Instructions to follow:
Wherever "rightward" turns up in the entries, copy out the line that holds it.

Information:
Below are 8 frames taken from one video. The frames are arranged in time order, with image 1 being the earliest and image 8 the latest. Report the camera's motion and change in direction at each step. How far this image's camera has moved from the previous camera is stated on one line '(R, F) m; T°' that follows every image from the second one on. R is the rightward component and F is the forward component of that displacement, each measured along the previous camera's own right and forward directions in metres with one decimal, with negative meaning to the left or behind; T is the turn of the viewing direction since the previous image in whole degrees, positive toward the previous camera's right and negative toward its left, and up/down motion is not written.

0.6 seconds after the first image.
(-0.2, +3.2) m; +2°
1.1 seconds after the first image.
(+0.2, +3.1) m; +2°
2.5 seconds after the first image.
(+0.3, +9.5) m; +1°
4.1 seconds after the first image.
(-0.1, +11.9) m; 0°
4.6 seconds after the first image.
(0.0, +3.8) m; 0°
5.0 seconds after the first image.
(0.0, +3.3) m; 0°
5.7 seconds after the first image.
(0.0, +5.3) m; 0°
--
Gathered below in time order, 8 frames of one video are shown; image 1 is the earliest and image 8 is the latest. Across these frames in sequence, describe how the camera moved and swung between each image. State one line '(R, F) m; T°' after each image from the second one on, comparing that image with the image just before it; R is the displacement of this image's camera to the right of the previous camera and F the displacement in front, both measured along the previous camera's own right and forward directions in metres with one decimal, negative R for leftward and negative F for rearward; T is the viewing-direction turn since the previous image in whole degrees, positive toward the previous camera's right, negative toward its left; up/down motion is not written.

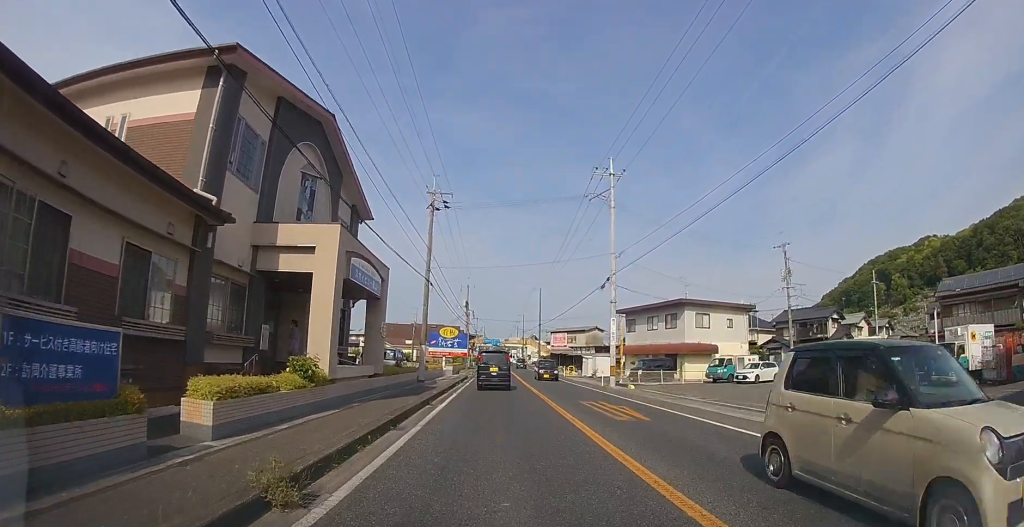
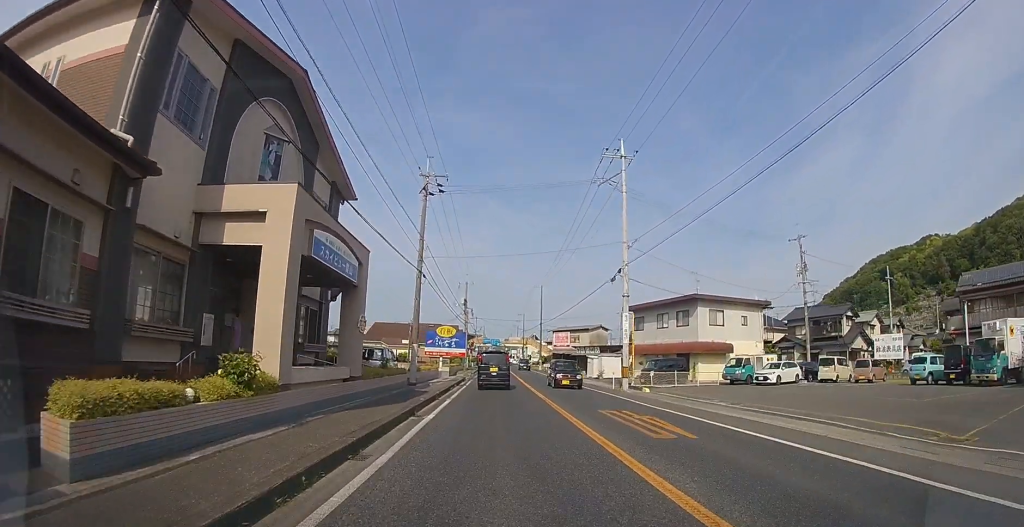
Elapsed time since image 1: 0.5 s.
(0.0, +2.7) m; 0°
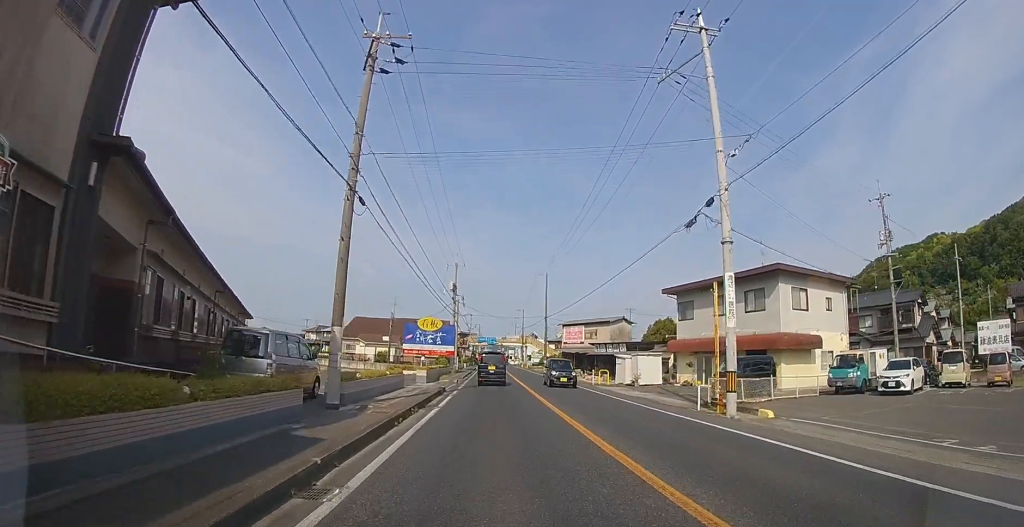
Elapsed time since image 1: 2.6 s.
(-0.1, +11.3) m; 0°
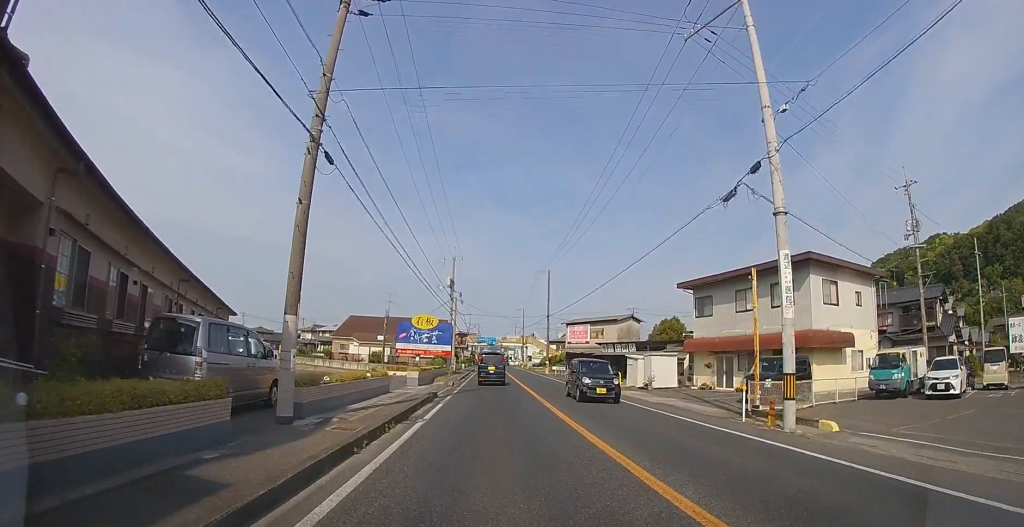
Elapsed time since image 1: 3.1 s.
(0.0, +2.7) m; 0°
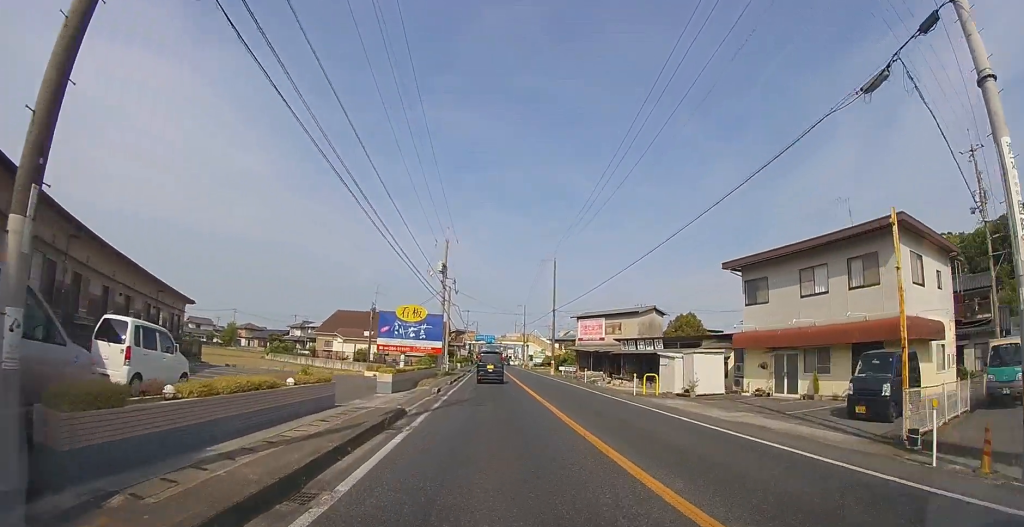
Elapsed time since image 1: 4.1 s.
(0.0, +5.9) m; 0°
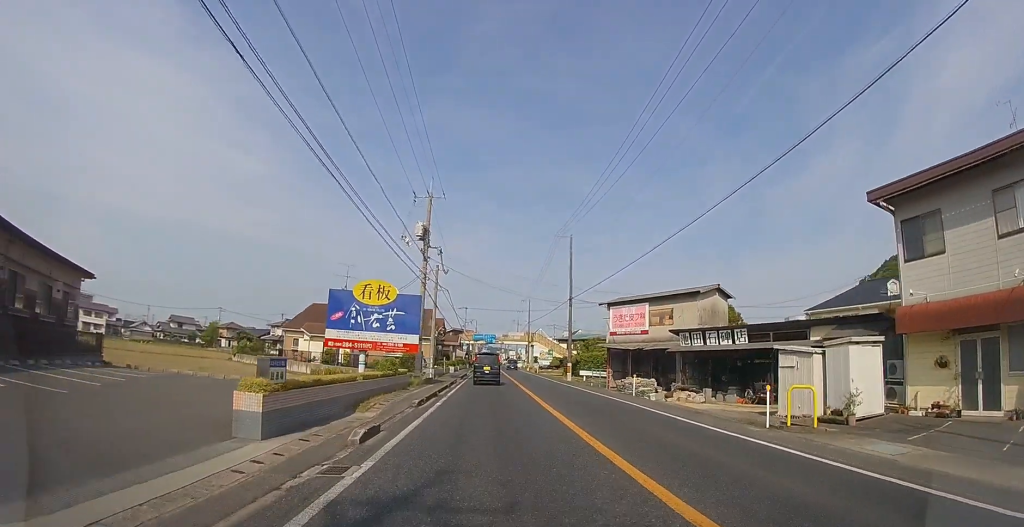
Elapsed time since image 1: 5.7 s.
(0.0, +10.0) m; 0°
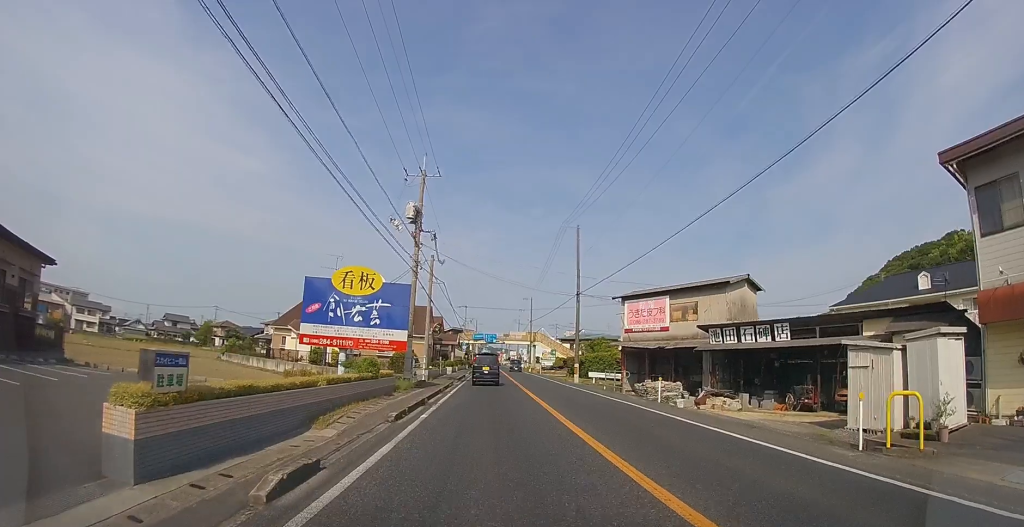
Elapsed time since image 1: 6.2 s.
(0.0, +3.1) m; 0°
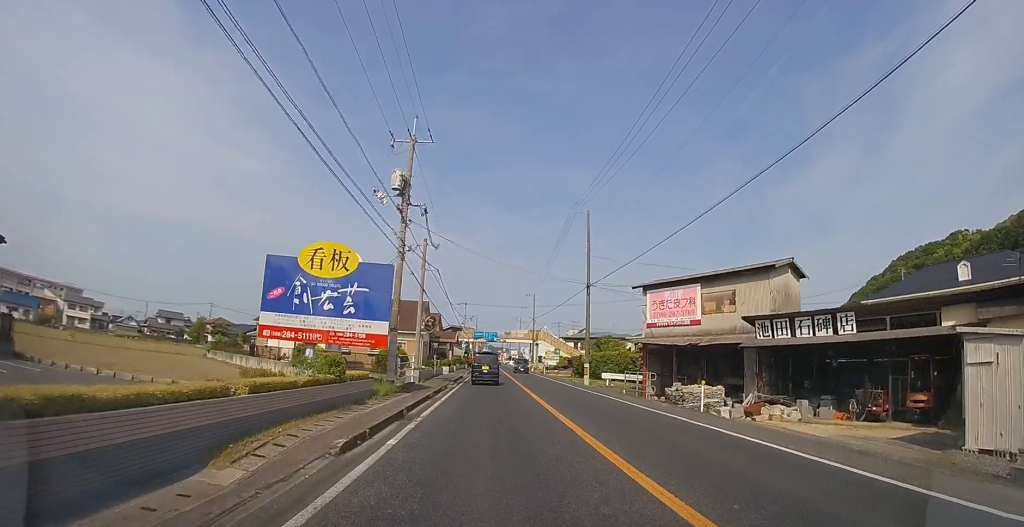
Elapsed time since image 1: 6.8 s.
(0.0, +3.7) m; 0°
...
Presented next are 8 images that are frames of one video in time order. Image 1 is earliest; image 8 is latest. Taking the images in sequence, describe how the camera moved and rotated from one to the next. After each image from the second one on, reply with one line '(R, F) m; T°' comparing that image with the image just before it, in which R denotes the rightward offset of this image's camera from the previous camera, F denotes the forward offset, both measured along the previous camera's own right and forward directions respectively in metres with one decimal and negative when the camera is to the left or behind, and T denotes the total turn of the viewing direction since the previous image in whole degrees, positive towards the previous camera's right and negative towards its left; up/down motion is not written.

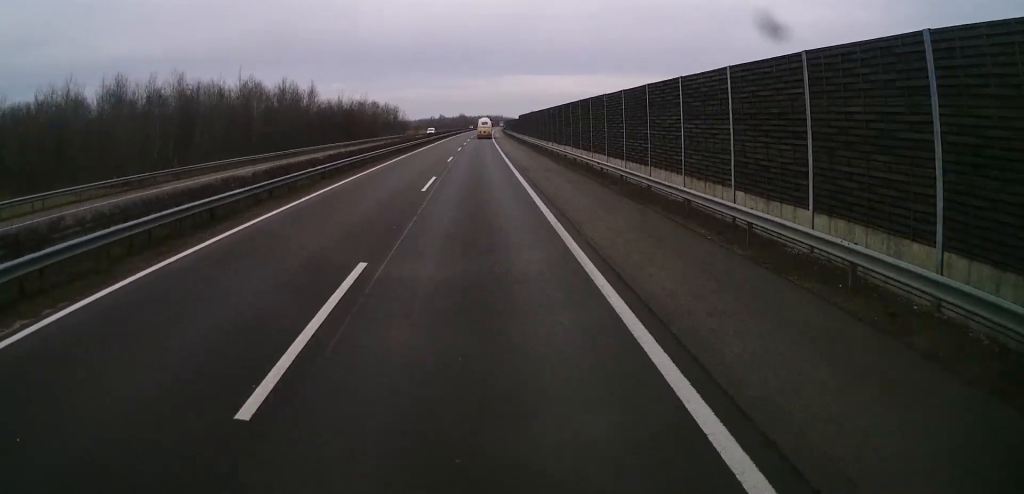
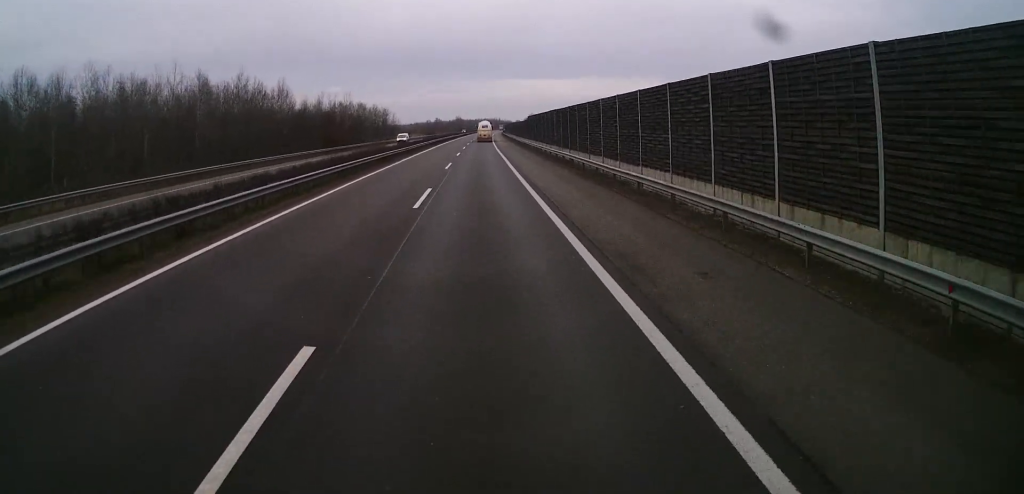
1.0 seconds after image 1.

Solution to the problem:
Below are 8 frames taken from one video. The frames are arranged in time order, with image 1 being the earliest and image 8 the latest. Report the camera's motion and change in direction at each step. How far this image's camera has moved from the previous camera is stated on one line '(R, F) m; T°' that follows every image from the second one on. R is the rightward component and F is the forward component of that displacement, each measured along the previous camera's own right and forward directions in metres with one decimal, with negative meaning to the left or behind; T is the turn of the viewing direction since the previous image in whole degrees, positive toward the previous camera's right and negative toward its left, and up/down motion is not written.
Presented next are 8 images that are frames of one video in time order. Image 1 is earliest; image 8 is latest. Taking the images in sequence, describe how the camera moved and rotated from one to the next. After each image from the second one on, reply with one line '(R, F) m; T°' comparing that image with the image just before it, in which R denotes the rightward offset of this image's camera from the previous camera, F denotes the forward offset, both measured along the previous camera's own right and forward directions respectively in metres with one decimal and negative when the camera is to the left or behind, and T denotes the total turn of the viewing direction since the previous image in whole degrees, positive towards the previous camera's right and negative towards its left; up/down motion is not written.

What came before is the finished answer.